AlienVault Logging Setup Part 1

One of the thing about AlienVault is that you would think from the user interface it would be a sort of system to just plug and play and everything is OK.

While it is a far cry ahead from the days of manual configuration, AV still requires a little know-how to get things up to speed, and yes, it does require a little dive into the venerable CLI, so you would need to know a little about some of the engine running under the AV hood.

Let’s start.

One of the first thing that a customer wants when he opens AV, before all the snazzy vulnerable scans and all the network IDS or host IDS comes in, even before SIEM comes in is LOG. Log is to the SIEM what audit is to accounting companies. You just do it.

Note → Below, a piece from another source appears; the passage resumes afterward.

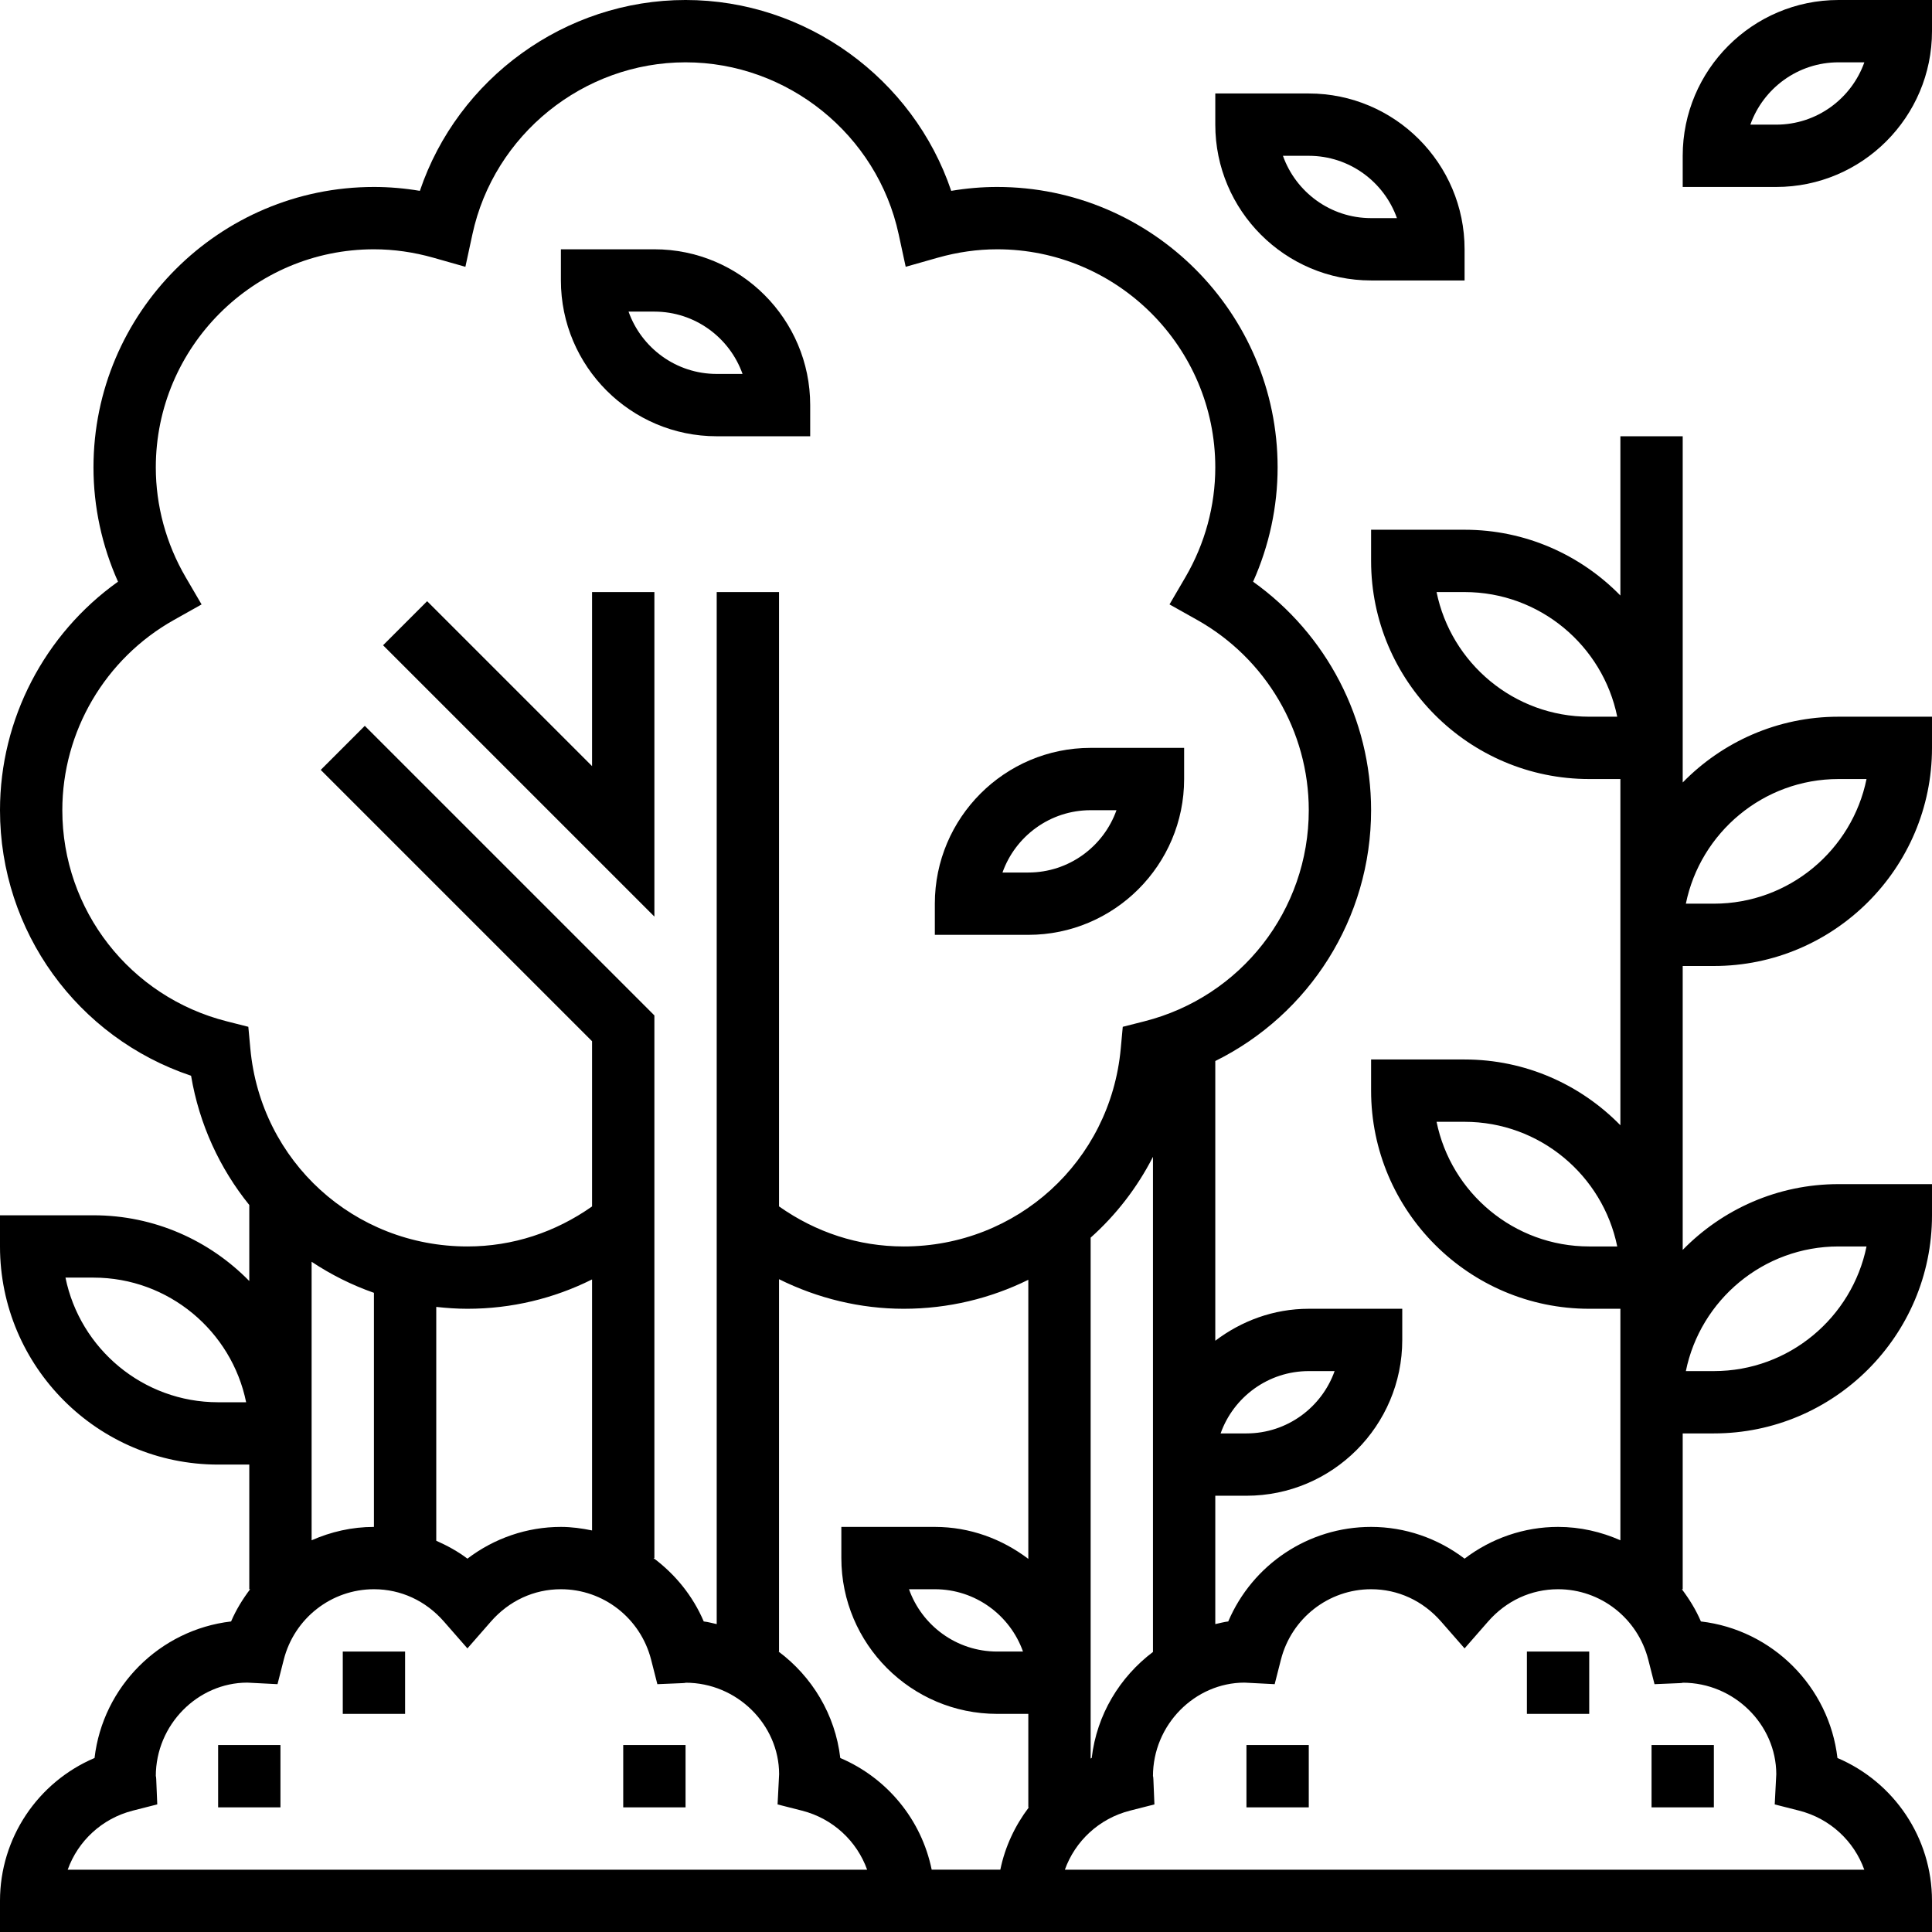 <?xml version="1.0" encoding="UTF-8"?> <svg xmlns="http://www.w3.org/2000/svg" height="496pt" viewBox="0 0 496 496" width="496pt"> <path d="m152 196.688-42.344-42.344-11.312 11.312 69.656 69.656v-83.312h-16zm0 0"></path> <path d="m432 200.887v-88.887h-16v40.887c-10.176-10.406-24.336-16.887-40-16.887h-24v8c0 30.879 25.129 56 56 56h8v88.887c-10.176-10.406-24.336-16.887-40-16.887h-24v8c0 30.871 25.129 56 56 56h8v59.434c-4.938-2.176-10.344-3.434-16-3.434-8.695 0-17.105 2.902-24 8.152-6.895-5.25-15.305-8.152-24-8.152-16.152 0-30.473 9.719-36.672 24.273-1.145.133-2.215.453-3.328.68v-32.953h8c22.055 0 40-17.945 40-40v-8h-24c-9.039 0-17.297 3.129-24 8.207v-71.809c24.121-11.934 40-36.621 40-64.391 0-23.391-11.441-45.23-30.297-58.664 4.129-9.23 6.297-19.238 6.297-29.344 0-39.695-32.297-72-72-72-3.91 0-7.855.336-11.793 1-9.734-28.824-37.246-49-68.207-49s-58.473 20.176-68.207 49c-3.938-.664-7.883-1-11.793-1-39.703 0-72 32.305-72 72 0 10.105 2.168 20.113 6.297 29.336-18.855 13.434-30.297 35.273-30.297 58.664 0 31.129 19.91 58.414 49.055 68.176 2.113 12.535 7.402 23.848 14.945 33.184v19.52c-10.176-10.398-24.336-16.879-40-16.879h-24v8c0 30.871 25.129 56 56 56h8v32h.215c-1.91 2.543-3.605 5.273-4.887 8.273-18.336 2.141-32.914 16.719-35.055 35.055-14.555 6.199-24.273 20.52-24.273 36.672v8h496v-8c0-16.152-9.719-30.473-24.273-36.672-2.141-18.336-16.719-32.914-35.055-35.055-1.281-3-2.977-5.73-4.887-8.273h.215v-40h8c30.871 0 56-25.129 56-56v-8h-24c-15.664 0-29.824 6.48-40 16.887v-72.887h8c30.871 0 56-25.121 56-56v-8h-24c-15.664 0-29.824 6.48-40 16.887zm-24-16.887c-19.32 0-35.48-13.77-39.191-32h7.191c19.32 0 35.48 13.77 39.191 32zm0 136c-19.32 0-35.48-13.77-39.191-32h7.191c19.32 0 35.48 13.77 39.191 32zm-72 32h6.633c-3.305 9.312-12.199 16-22.633 16h-6.633c3.305-9.312 12.199-16 22.633-16zm-280 8c-19.32 0-35.48-13.77-39.191-32h7.191c19.32 0 35.48 13.77 39.191 32zm-38.617 120c2.625-7.336 8.777-13.137 16.707-15.16l6.285-1.602-.27-6.496c-.016-.383-.059-.766-.098-.766 0 .008-.008.016-.008.023 0-13.23 10.77-24 23.48-24.023l7.766.398 1.602-6.285c2.711-10.648 12.242-18.09 23.152-18.09 6.91 0 13.297 2.953 17.977 8.305l6.023 6.887 6.023-6.887c4.68-5.352 11.066-8.305 17.977-8.305 10.91 0 20.441 7.441 23.16 18.09l1.602 6.285 6.496-.27c.422-.016.848-.066.742-.105 13.23 0 24 10.77 24.023 23.48l-.398 7.766 6.285 1.602c7.93 2.023 14.082 7.824 16.707 15.16h-205.234zm62.617-84.566v-71.504c4.945 3.285 10.297 5.98 16 7.973v60.098c-5.656 0-11.062 1.258-16 3.434zm32 .117v-60.031c2.633.289 5.289.48 8 .48 11.312 0 22.145-2.617 32-7.535v64.445c-2.609-.535-5.258-.91-8-.91-8.695 0-17.105 2.902-24 8.152-2.473-1.887-5.191-3.344-8-4.602zm144.816 84.449h-17.625c-2.605-12.762-11.367-23.512-23.465-28.672-1.301-11.176-7.262-20.914-15.848-27.328h.121v-95.594c9.895 4.914 20.855 7.594 32 7.594 11.496 0 22.352-2.688 32-7.441v71.648c-6.703-5.078-14.961-8.207-24-8.207h-24v8c0 22.055 17.945 40 40 40h8v24h.129c-3.543 4.68-6.113 10.113-7.312 16zm5.816-56h-6.633c-10.434 0-19.328-6.688-22.633-16h6.633c10.434 0 19.328 6.688 22.633 16zm-30.633-104c-11.656 0-22.586-3.648-32-10.281v-157.719h-16v264.953c-1.113-.227-2.184-.555-3.328-.68-2.809-6.594-7.344-12.121-12.902-16.273h.23v-139.312l-74.344-74.344-11.312 11.312 69.656 69.656v42.414c-9.414 6.625-20.352 10.273-32 10.273-29.09 0-53.047-21.824-55.727-50.762l-.52-5.629-5.488-1.395c-24.883-6.277-42.266-28.574-42.266-54.215 0-20.199 10.984-38.922 28.656-48.84l7.098-3.984-4.105-7.023c-5-8.578-7.648-18.312-7.648-28.152 0-30.879 25.129-56 56-56 5.062 0 10.199.727 15.281 2.168l8.199 2.328 1.801-8.336c5.512-25.594 28.527-44.16 54.719-44.16s49.207 18.566 54.719 44.16l1.801 8.336 8.199-2.328c5.082-1.441 10.219-2.168 15.281-2.168 30.871 0 56 25.121 56 56 0 9.84-2.648 19.574-7.648 28.145l-4.105 7.023 7.098 3.984c17.672 9.926 28.656 28.648 28.656 48.848 0 25.641-17.383 47.938-42.266 54.215l-5.488 1.395-.52 5.629c-2.68 28.938-26.637 50.762-55.727 50.762zm64-23.008v127.113c-8.512 6.414-14.434 16.102-15.727 27.223-.098.039-.176.098-.273.137v-133.723c6.52-5.82 11.953-12.84 16-20.75zm136 135.008c13.23 0 24 10.77 24.023 23.48l-.398 7.766 6.285 1.602c7.93 2.023 14.082 7.824 16.707 15.16h-205.234c2.625-7.336 8.777-13.137 16.707-15.16l6.285-1.602-.27-6.492c-.016-.387-.059-.77-.098-.77 0 0-.008.008-.008.016 0-13.23 10.77-24 23.48-24.023l7.766.398 1.602-6.285c2.711-10.648 12.242-18.09 23.152-18.09 6.91 0 13.297 2.953 17.977 8.305l6.023 6.887 6.023-6.887c4.68-5.352 11.066-8.305 17.977-8.305 10.91 0 20.441 7.441 23.16 18.09l1.602 6.285 6.496-.27c.422-.016.848-.066.742-.105zm40-112h7.191c-3.719 18.23-19.871 32-39.191 32h-7.191c3.711-18.23 19.871-32 39.191-32zm-32-88h-7.191c3.719-18.23 19.871-32 39.191-32h7.191c-3.711 18.23-19.871 32-39.191 32zm0 0"></path> <path d="m352 72h24v-8c0-22.055-17.945-40-40-40h-24v8c0 22.055 17.945 40 40 40zm-16-32c10.434 0 19.328 6.688 22.633 16h-6.633c-10.434 0-19.328-6.688-22.633-16zm0 0"></path> <path d="m168 64h-24v8c0 22.055 17.945 40 40 40h24v-8c0-22.055-17.945-40-40-40zm16 32c-10.434 0-19.328-6.688-22.633-16h6.633c10.434 0 19.328 6.688 22.633 16zm0 0"></path> <path d="m304 200v-8h-24c-22.055 0-40 17.945-40 40v8h24c22.055 0 40-17.945 40-40zm-40 24h-6.633c3.305-9.312 12.199-16 22.633-16h6.633c-3.305 9.312-12.199 16-22.633 16zm0 0"></path> <path d="m472 0c-22.055 0-40 17.945-40 40v8h24c22.055 0 40-17.945 40-40v-8zm-16 32h-6.633c3.305-9.312 12.199-16 22.633-16h6.633c-3.305 9.312-12.199 16-22.633 16zm0 0"></path> <path d="m392 424h16v16h-16zm0 0"></path> <path d="m320 448h16v16h-16zm0 0"></path> <path d="m424 448h16v16h-16zm0 0"></path> <path d="m88 424h16v16h-16zm0 0"></path> <path d="m160 448h16v16h-16zm0 0"></path> <path d="m56 448h16v16h-16zm0 0"></path> </svg>

Strangely, this is not as intuitive as it sounds. Here’s a step by step. We don’t put any screenshots here because we have limited storage capacity on this blog. Yes, we are very frugal. And we like words.

AlienVault Scenario Setup

Because we are slightly lazy, we just want a simple scenario that the VMWare ESXi Box that we are hosting the AV on, to send logs to the AV. Just logs first. Like what it would do when sending to a syslog server. Our Vmware esxi for instance is 192.168.0.10, our AV is 192.168.0.11 (logging interface).

Setup your Esxi.

I know this is out of scope. In most cases, we would just tell our clients, look send your logs from PaloAlto, SonicWall, Juniper, Sophos etc to AlienVault’s logging interface. For Esxi, it is very simple.

1. Start your VMware VSphere client, login > right click on the VMWare host

2. Configuration>Software>Advanced Settings

3. Under Syslog, click on global, under syslog.global.logHost, put in your interface of the AV (192.168.0.11)

4. Click on Security Profile under Software and on the right top, click Properties

5. You are in ‘Firewall Properties’ tab, scroll down under label and find ‘syslog’. Click it. This should enable your syslog traffic to go out to your AV.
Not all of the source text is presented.